On the penultimate day of 2005, the first ever broad gauge train into Chhor was hauled by diesel engine number 4488 and pulled in at thirty minutes before midnight. Had they been awake at this hour, this would have been a special treat for the people of Chhor. But in all likelihood, this epoch-making event passed by unnoticed, uncelebrated. The Thar Express, as they call it, will be a once-a-week service leaving Karachi every Saturday afternoon to reach Munabao in the early hours of the following day and return every Sunday. India will reciprocate similarly from the other side in the middle of the week. As the line has been hurriedly upgraded, the speed out of Mirpur Khas will initially be restricted to less than fifty kilometres per hour to be subsequently increased to twice as much.
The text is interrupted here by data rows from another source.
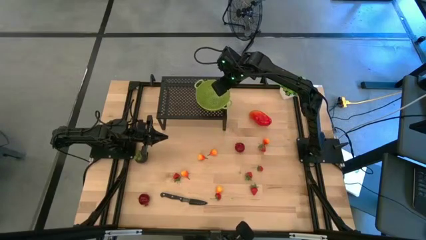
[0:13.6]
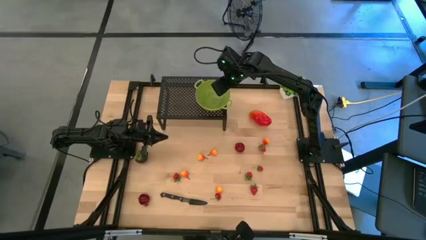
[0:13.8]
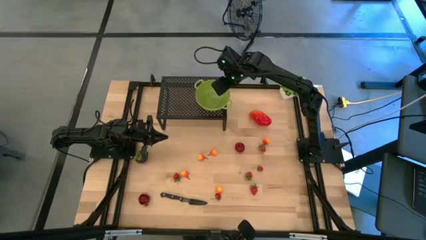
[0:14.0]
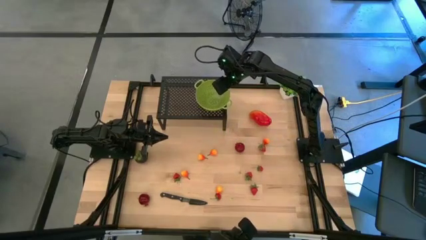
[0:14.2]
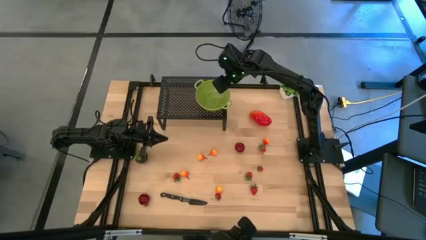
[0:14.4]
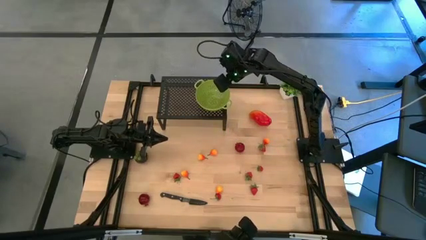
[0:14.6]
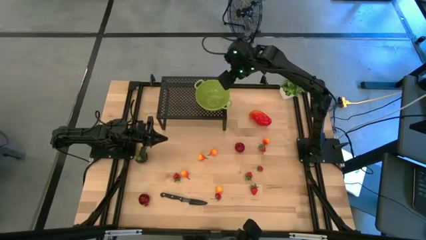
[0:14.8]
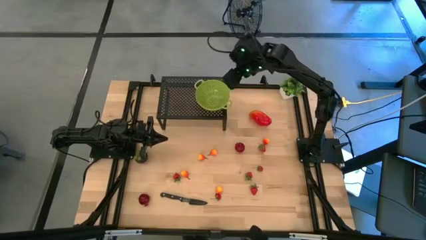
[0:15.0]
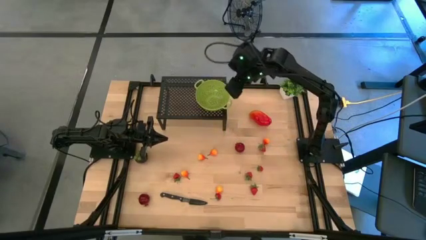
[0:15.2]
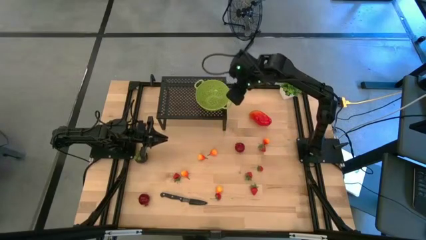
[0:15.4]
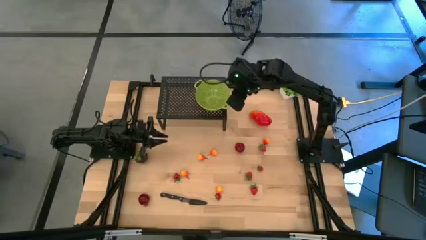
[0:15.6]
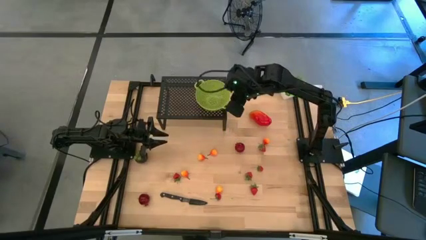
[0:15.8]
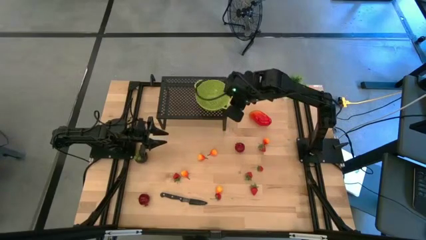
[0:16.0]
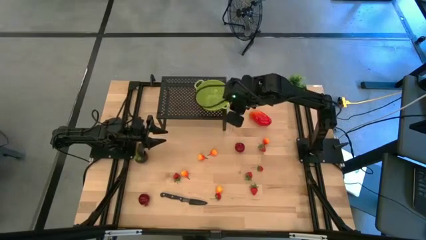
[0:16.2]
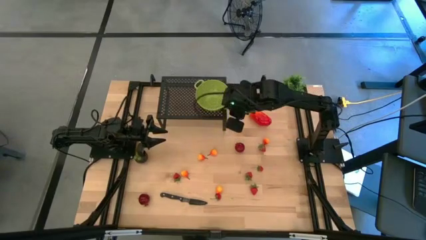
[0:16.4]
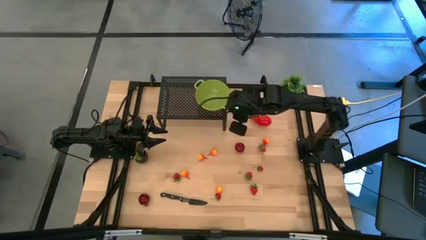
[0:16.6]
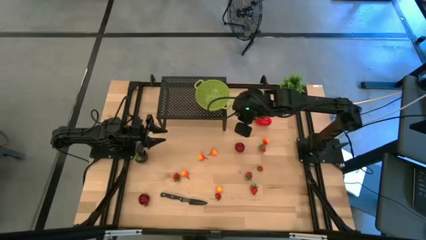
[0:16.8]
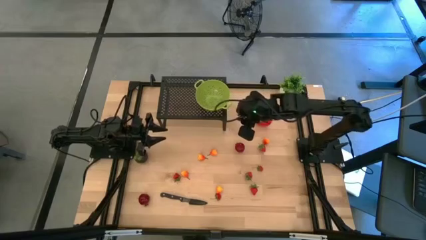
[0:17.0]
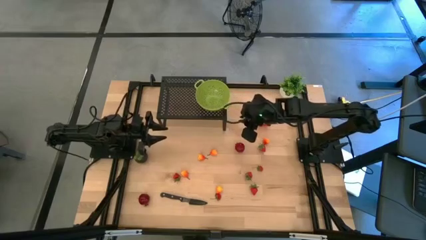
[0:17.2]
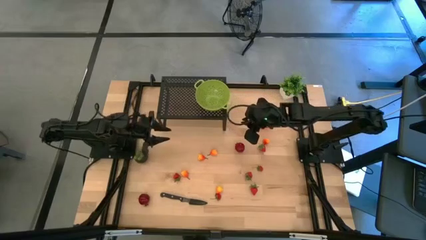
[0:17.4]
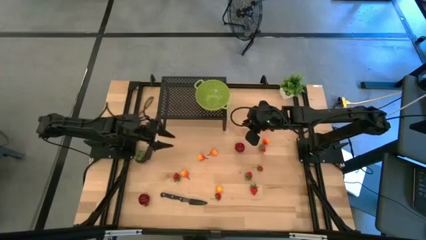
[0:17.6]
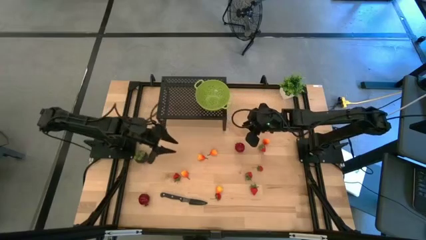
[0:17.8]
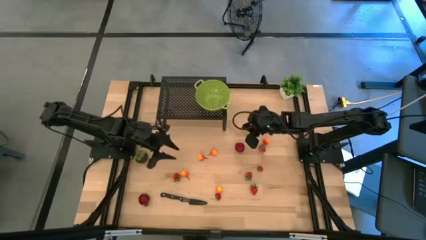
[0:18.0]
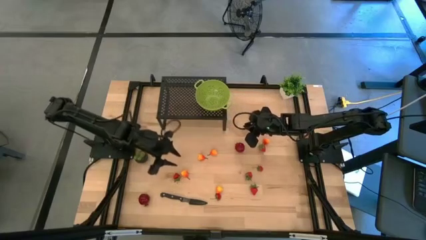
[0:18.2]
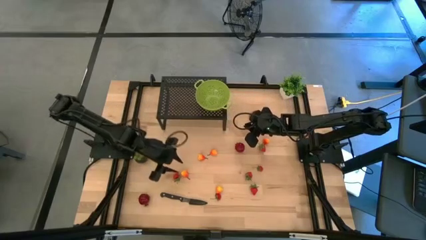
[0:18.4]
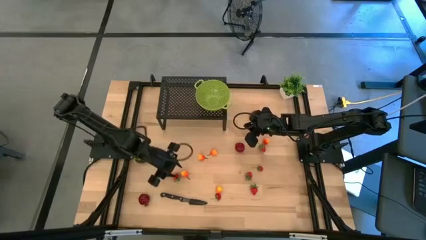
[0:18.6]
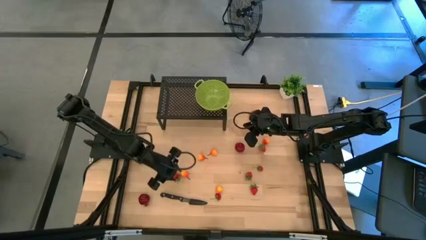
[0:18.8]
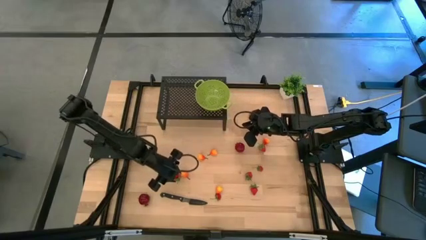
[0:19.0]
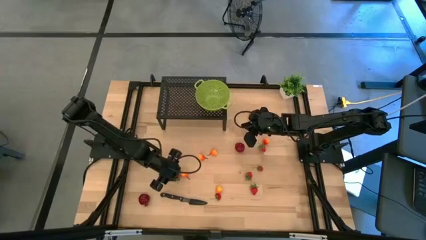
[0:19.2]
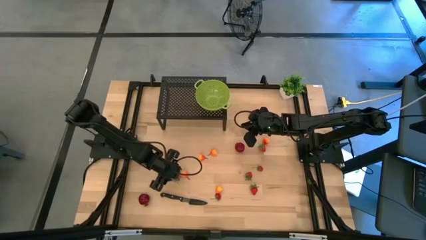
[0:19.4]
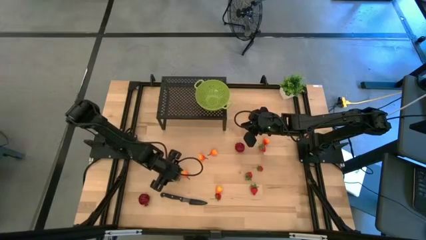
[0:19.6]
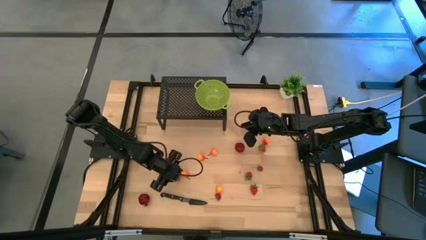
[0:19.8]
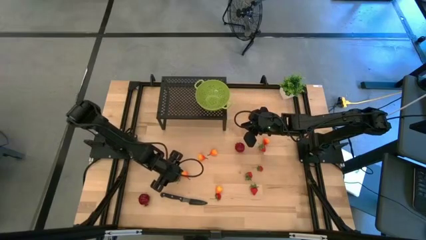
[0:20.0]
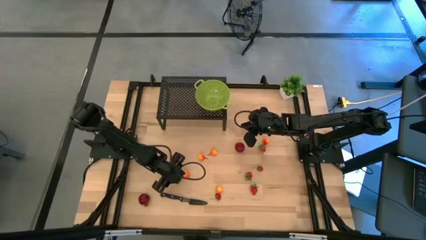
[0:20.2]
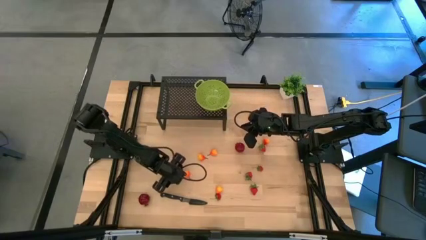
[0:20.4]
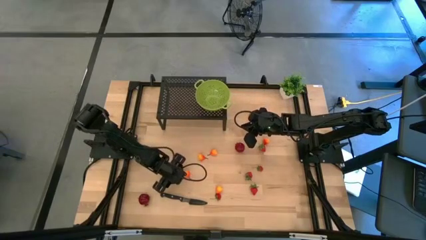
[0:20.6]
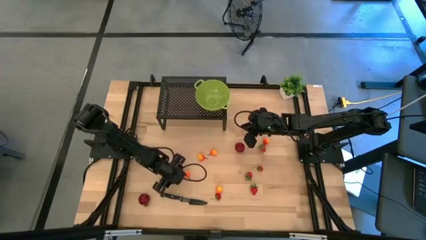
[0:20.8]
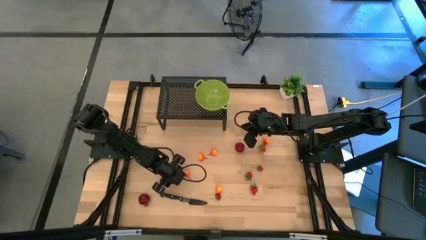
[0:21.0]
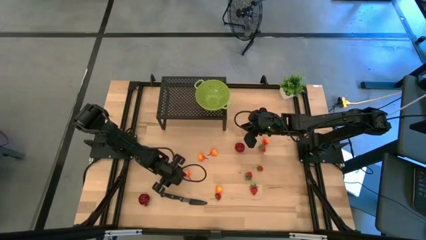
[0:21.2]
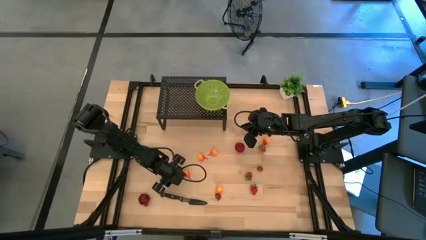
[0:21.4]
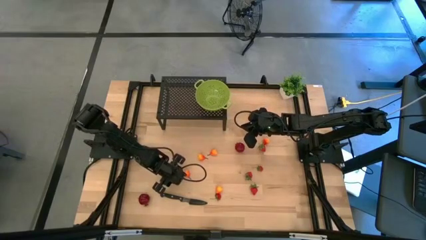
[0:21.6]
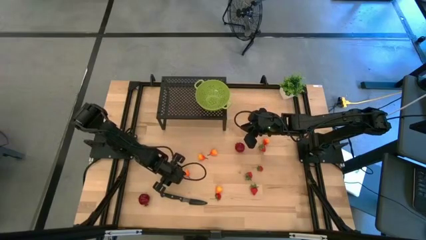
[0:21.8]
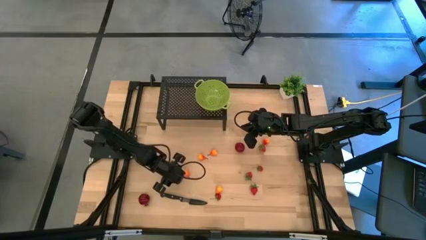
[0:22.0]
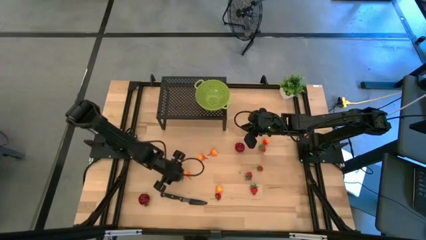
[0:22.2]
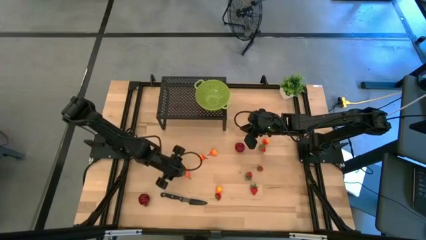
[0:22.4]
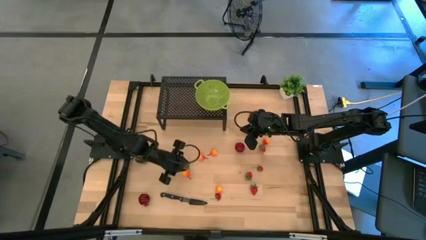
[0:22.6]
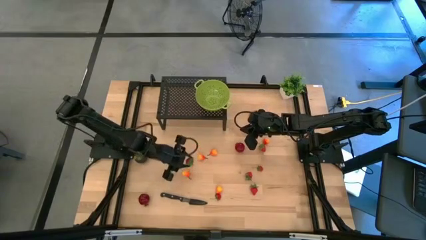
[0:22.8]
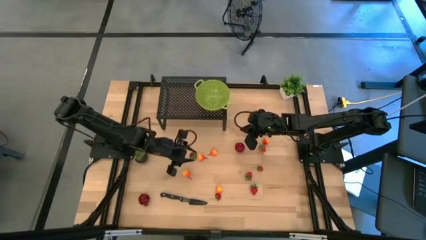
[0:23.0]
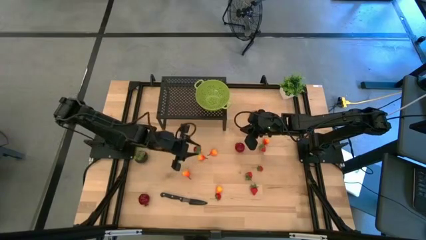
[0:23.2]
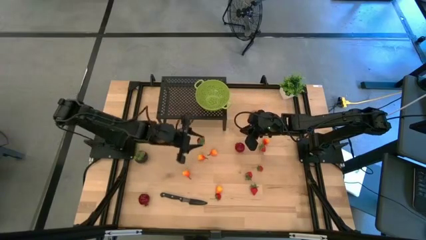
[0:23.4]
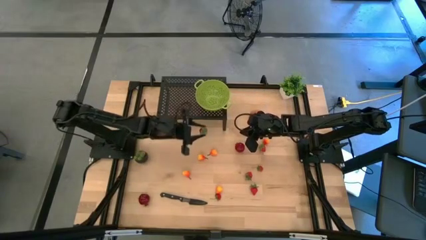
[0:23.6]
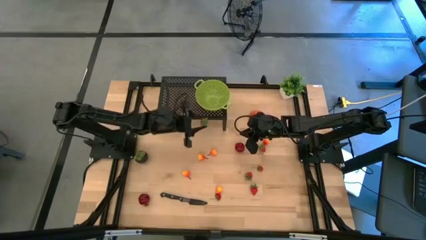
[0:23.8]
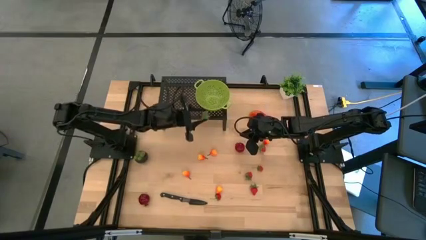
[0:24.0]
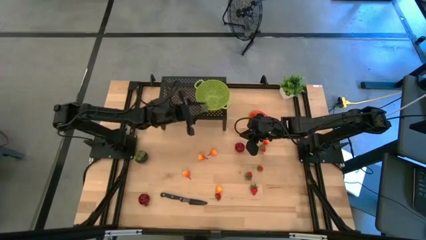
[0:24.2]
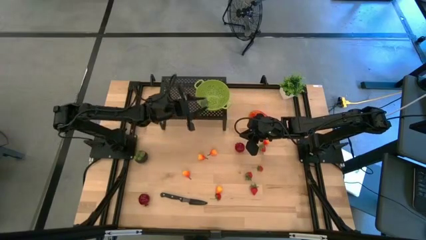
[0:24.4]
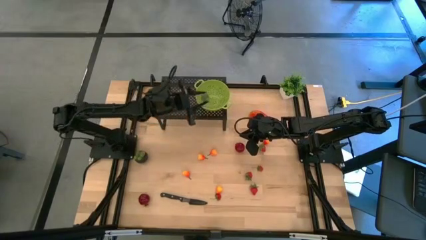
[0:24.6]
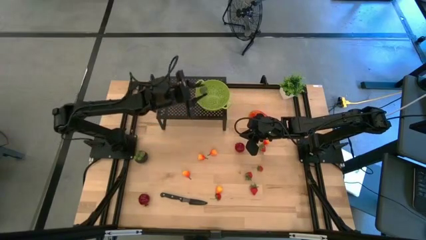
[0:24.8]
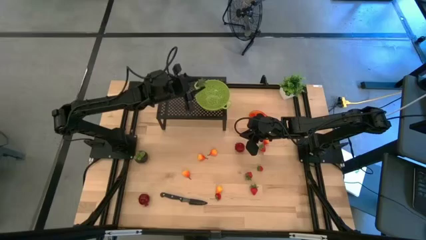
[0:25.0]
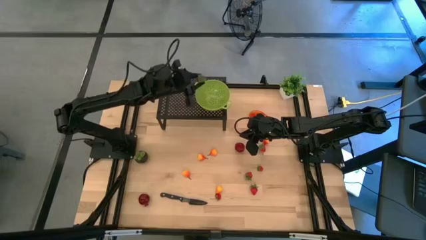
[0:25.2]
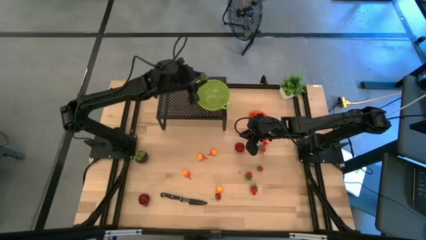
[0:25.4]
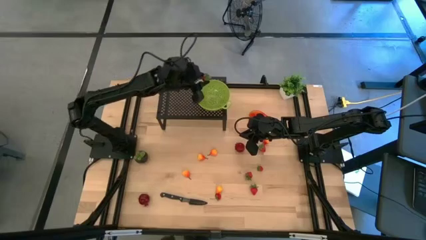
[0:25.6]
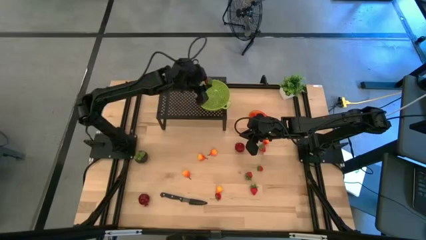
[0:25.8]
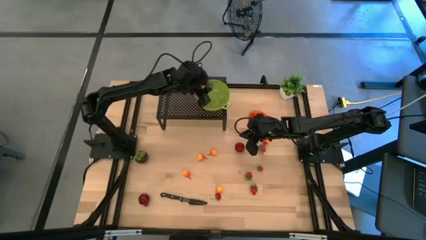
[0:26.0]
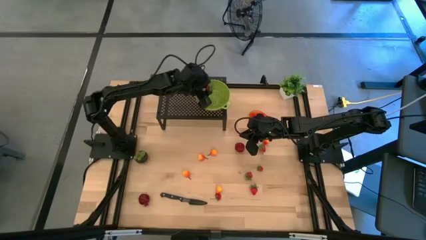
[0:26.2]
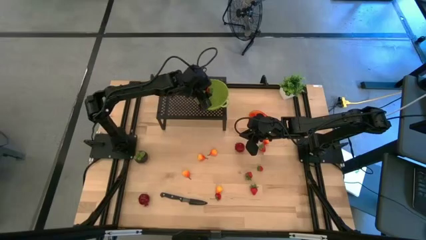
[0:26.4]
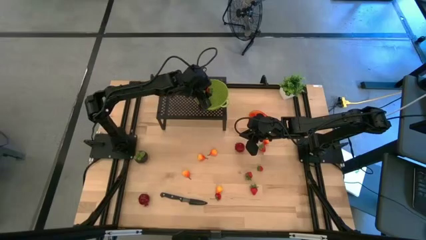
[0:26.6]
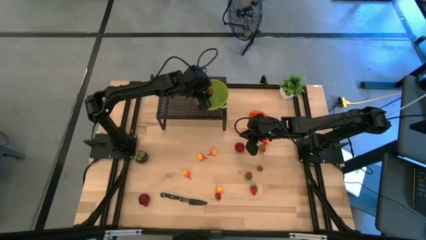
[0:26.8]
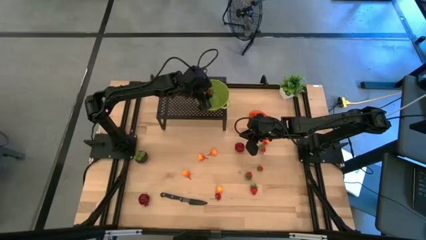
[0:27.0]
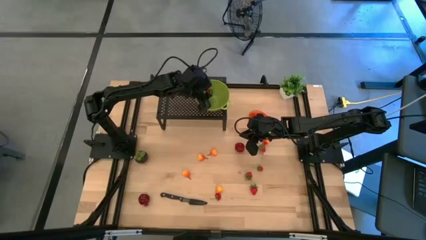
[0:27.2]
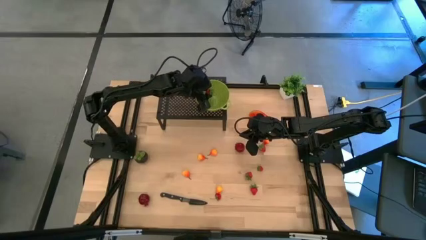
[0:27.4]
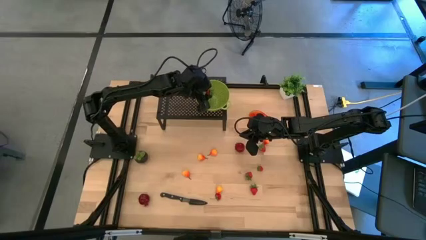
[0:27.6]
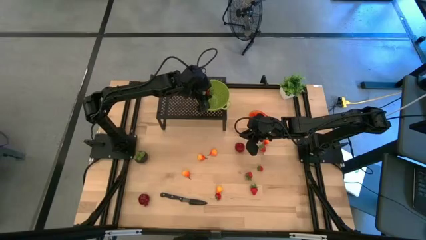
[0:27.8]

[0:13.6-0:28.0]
Task: Pick & Place Fruit
Put the strawberry into the green strainer bowl on the shelf

My friend Abubaker Sheikh said a private Sindhi television channel had interviewed people living along this line. There was excitement, he reported. People were looking forward to the commercial activity that reactivation of the line will bring. This, however, will not be a gift of the Thar Express. Originating in Karachi, this train will stop only at Hyderabad and Mirpur Khas and then speed haughtily past these little Thari stations without pausing. Shamim Shirazi confirmed, however, that at some later point in time, a local passenger service will also be run from Mirpur Khas to Khokhropar. That is what will actually revitalise this part of the Jodhpur Railway.
At some point, hopefully within my lifetime, when the two immature nations of Pakistan and India will have waived the condition for citizens of either country to enter and exit from the same port, I will ride the Thar Express out. In Rajasthan I will do my yatra of Mount Abu and then go on home to Jullundher. Until then this journey must wait – at least so far as I am concerned.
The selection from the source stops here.